To test the effects of potentially different TAD structure between lines and/or sexes, we investigated X-linked gene dosage compensation where TAD locations did not match between the two cell lines. For this purpose, we subclassified repressive TADs into four groups [47], which divided regions that are: within TAD boundaries in both Kc and S2 cell lines (TT); either at boundaries or interspace between two large TADs in both cell lines (II); and within large TADs from only one of the cell lines (TI or IT, Figure 5A). The proportion of mismatches in TADs and their boundary locations (e.g. TT and II versus TI and IT) did not show bias based on autosome and X chromosome location, even in repressive TAD regions (p > 0.1 for all repressive TADs, Fisher’s exact test with Bonferroni correction, Figure 5B-D). This observation indicates that sex-specific alteration of TAD structures are unlikely to drive non-canonical male X chromosome dosage compensation. We also investigated the possible function of sex-specific TADs, by asking if knockdown of MSL components had a greate effect on repressive TADs domains specific to male S2 cells (IT). However, this was not the case. Instead, we observed that the genes within repressive TAD domains and boundaries whose TAD locations were well-matched between the two cell lines (TT and II) were better compensated than the others (TI and IT) after depleting MSL components (Figure 5E-G). For example, LAD-associated genes from TT or II class regions demonstrated excellent dosage compensation after msl-2 knockdown compared to the same genes from the control RNAi samples (0.94 fold, p = 0.047, Mann-Whitney ⋃ test, Figure 5E). We observed the same trend when we looked at genes from Null and Black domains (Figure 5F,G). In conclusion, these results suggest that our observation of non-canonical dosage compensation is not due to sex-specific modification of large TAD structures between male and female cells. TAD that differ between female Kc and male S2 cells may be due to the rearrangements in these highly aneuploid cells, not differences in sexual identity.
Discussion
A subset of X chromosome genes that are unbound by MOF still dosage compensate [49]. We have studied X chromosome dosage compensation of genes within repressive TADs in Drosophila, and their association with MSL dosage compensation complexes and activities. Our results revealed that genes from such repressive TADs are compensated with minimal contributions from MSL. We suggest those regions are able to achieve dosage compensation due to the weaker repressive TADs on the unpaired male chromosome.
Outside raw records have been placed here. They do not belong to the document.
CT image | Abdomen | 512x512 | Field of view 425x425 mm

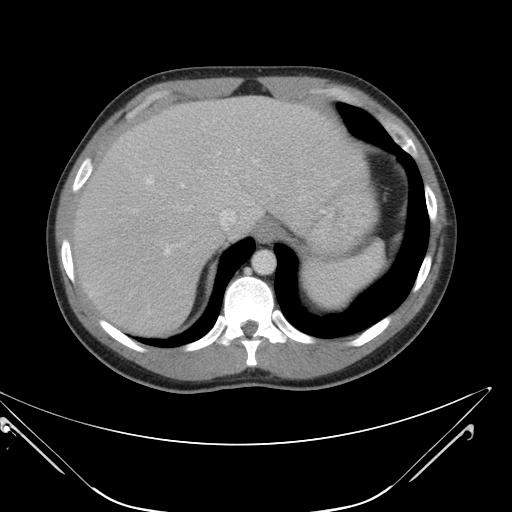

Not every hepatic vessel necessarily has a box.
hepatic vessel: [x1=237, y1=149, x2=239, y2=151], [x1=254, y1=160, x2=257, y2=161], [x1=181, y1=184, x2=183, y2=186], [x1=165, y1=248, x2=169, y2=253], [x1=146, y1=178, x2=153, y2=183], [x1=219, y1=209, x2=235, y2=229]
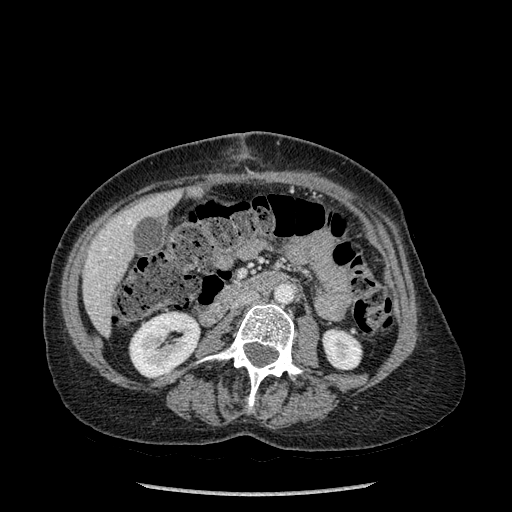

Image size 512x512; CT image
<segmentation>
  <kidney>x1=130 y1=312 x2=199 y2=376, x1=323 y1=330 x2=361 y2=369</kidney>
  <bone>x1=199 y1=302 x2=302 y2=410</bone>
  <liver>x1=82 y1=188 x2=182 y2=336</liver>
</segmentation>
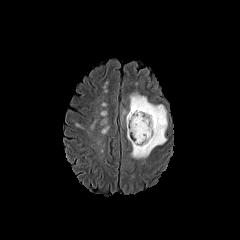
FLAIR MRI.
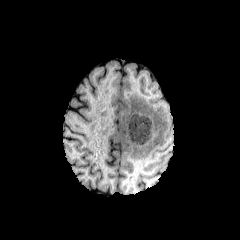
Same slice, T1-weighted MR.
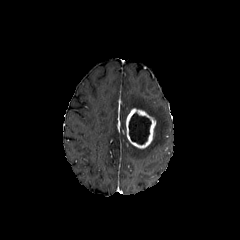
Post-contrast T1-weighted magnetic resonance.
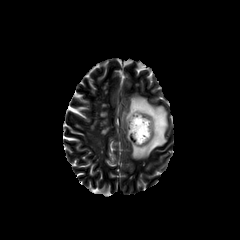
T2-weighted magnetic resonance of the same slice.
The non-enhancing tumor core is located at 128, 113, 151, 145. The edema is located at 121, 95, 166, 159. The enhancing tumor lies within 125, 108, 156, 149.
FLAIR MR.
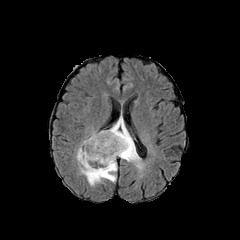
T1-weighted MRI.
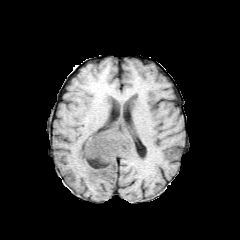
Post-contrast T1-weighted MR image.
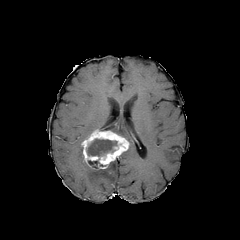
T2-weighted MR.
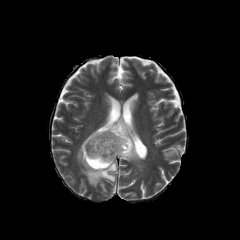
240x240. Head.
{
  "non-enhancing_tumor_core": [
    "<bbox>88, 160, 98, 168</bbox>",
    "<bbox>87, 139, 116, 155</bbox>"
  ],
  "edema": [
    "<bbox>76, 145, 117, 186</bbox>",
    "<bbox>109, 112, 144, 169</bbox>"
  ],
  "enhancing_tumor": [
    "<bbox>81, 129, 130, 169</bbox>"
  ]
}
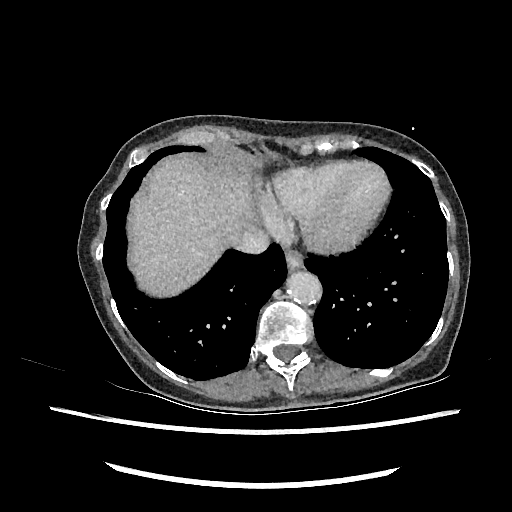 Computed tomography, Image size 512x512, Upper abdomen
The liver is located at 132 159 254 295.
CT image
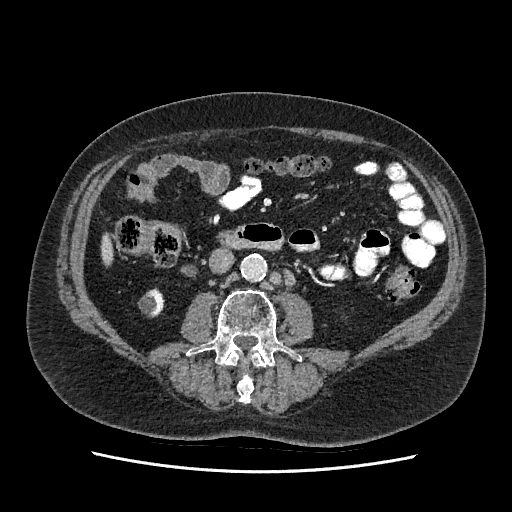
• liver: {"x1": 103, "y1": 235, "x2": 112, "y2": 263}
• kidney: {"x1": 151, "y1": 291, "x2": 162, "y2": 313}
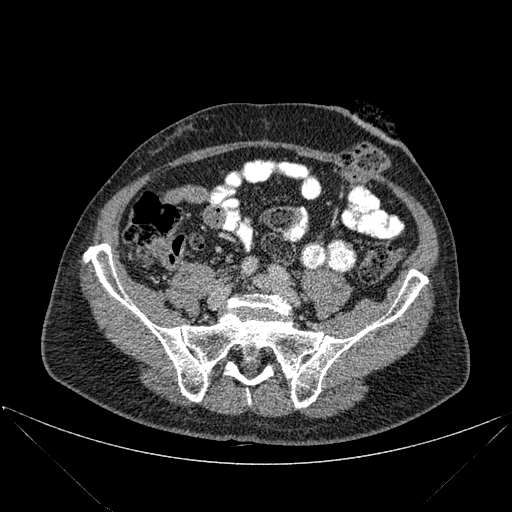 CT slice; Image size 512x512
2 bone regions are bounded by (x1=84, y1=244, x2=428, y2=407), (x1=225, y1=362, x2=272, y2=384).
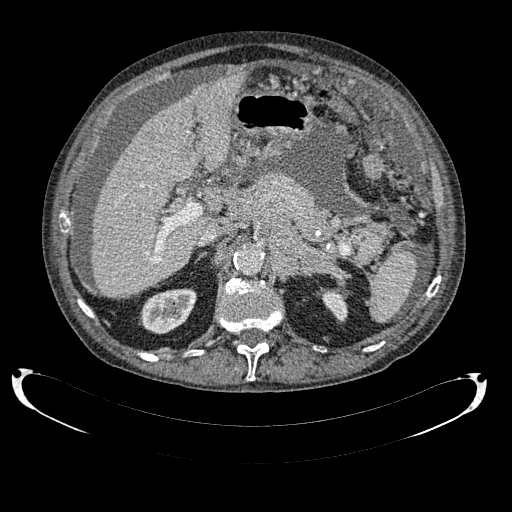

CT slice. 2 kidney regions are bounded by (142, 289, 195, 332), (323, 291, 347, 320). The liver lies within (92, 71, 247, 297).
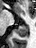

MRI slice | Hippocampus | Image size 36x48

The posterior hippocampus appears at 15,25,27,36.
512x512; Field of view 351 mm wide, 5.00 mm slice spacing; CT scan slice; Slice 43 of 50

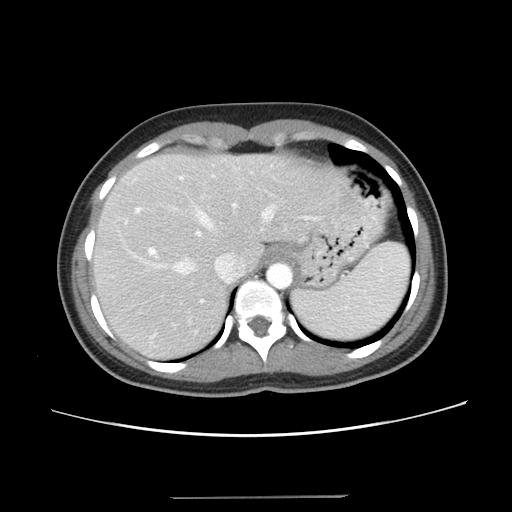
Some hepatic vessels may have no box.
10 hepatic vessel regions are located at (197,232,200,235), (141,260,165,268), (198,211,211,226), (180,177,182,179), (136,208,140,212), (175,259,192,273), (149,248,156,255), (263,206,273,220), (233,204,236,206), (126,221,127,222).
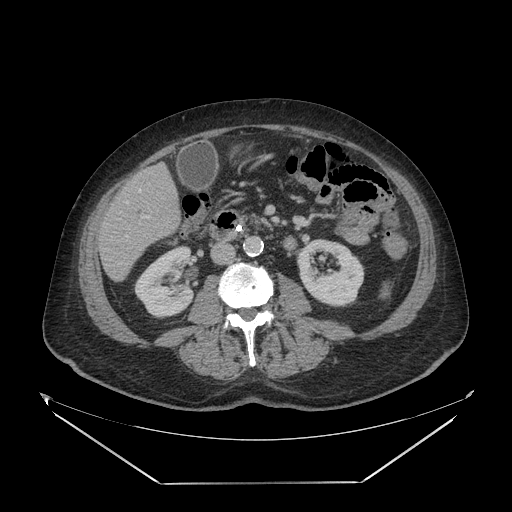
Computed tomography. 512x512 px.

{
  "pancreas": [
    "[240,210,272,228]"
  ]
}
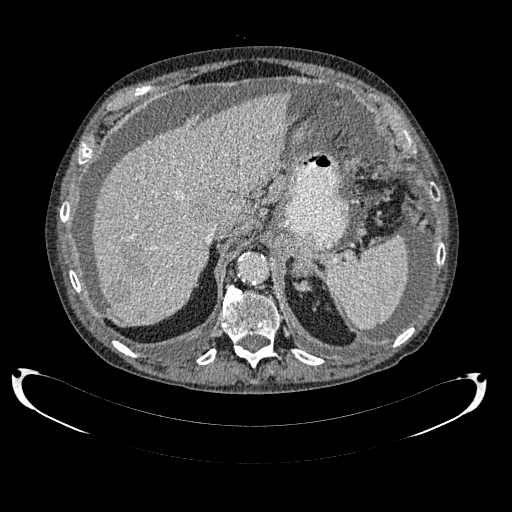
Liver, Computed tomography

5 hepatic lesion regions are bounded by {"x1": 108, "y1": 281, "x2": 128, "y2": 301}, {"x1": 122, "y1": 245, "x2": 145, "y2": 275}, {"x1": 191, "y1": 199, "x2": 216, "y2": 223}, {"x1": 137, "y1": 310, "x2": 145, "y2": 320}, {"x1": 231, "y1": 158, "x2": 241, "y2": 170}. The liver is at {"x1": 92, "y1": 92, "x2": 292, "y2": 325}.

This non-canonical compensation may be the same as observed in the case of autosomal deletions within or at the boundaries of repressive TADs [28]. These deletions have a dominant de-repressing effect, which results in partial dosage compensation for the hemizygous segment, and over-expression of genes in flanking two-dose regions (Figure 6A,B). These data suggest that repressive domains are established, strengthened, or stabilized by the existence of homologous pairs of chromosomes. There is strong precedent for pairing-dependent mechanisms in D. melanogaster that are known to activate or repress genes when homologous chromosomes are proximally located [29–32]. We suggest that the unpaired X chromosomes of males have weaker repressive domains than the same domains in the paired X chromosomes of females (Figure 6C,D). Thus, one can think of this as dosage compensation mediated by partial X inactivation in females, with de-repression in males. This model hinges on the reorganization of the nuclear lamina-DNA interaction, which can clearly regulate gene activities during cell differentiation even in the absence of global changes of the nuclear architecture [50]. For example, in mouse embryonic stem cells, loss of the tethering in the Hdac3 deletion releases genomic regions of lineage-specific genes from nuclear lamina resulting in precocious expression of those genes [51].
De-repression of one-dose genes in males is reminiscent of the C. elegans dosage compensation mechanism (Figure 6E,F). In C. elegans, XX individuals are hermaphrodites and XO individuals are males. Both X chromosomes in hermaphrodites are subjected to dosage compensation control by repression [3,5,16]. The process involves DCC complex-dependent chromatin remodeling in XX hermaphrodites [20–22], that includes enrichment for H4K20me1 and depletion for H4K16Ac. In XO worms, the X shows decondensation [23]. In addition to the chromatin remodeling, there is local positioning of both X chromosomes of hermaphrodites to the LADs at the nuclear periphery which contributes to the repression of X-linked gene expression; the loss of this tethering results in de-repression of X-linked genes in hermaphrodites [27]. The de-repression of X-linked genes in tethering mutants of cec-4 or lem-2, which encode a chromodomain protein or a component of nuclear lamina, respectively, results in a less extreme compensation phenotype than DCC mutants, raising the possibility that tethering to the nuclear lamina is an additional or supplemental mechanism to achieve dosage compensation by repression in XX individuals [27]. Thematically, this is identical to the non-canonical model for Drosophila dosage compensation that we propose.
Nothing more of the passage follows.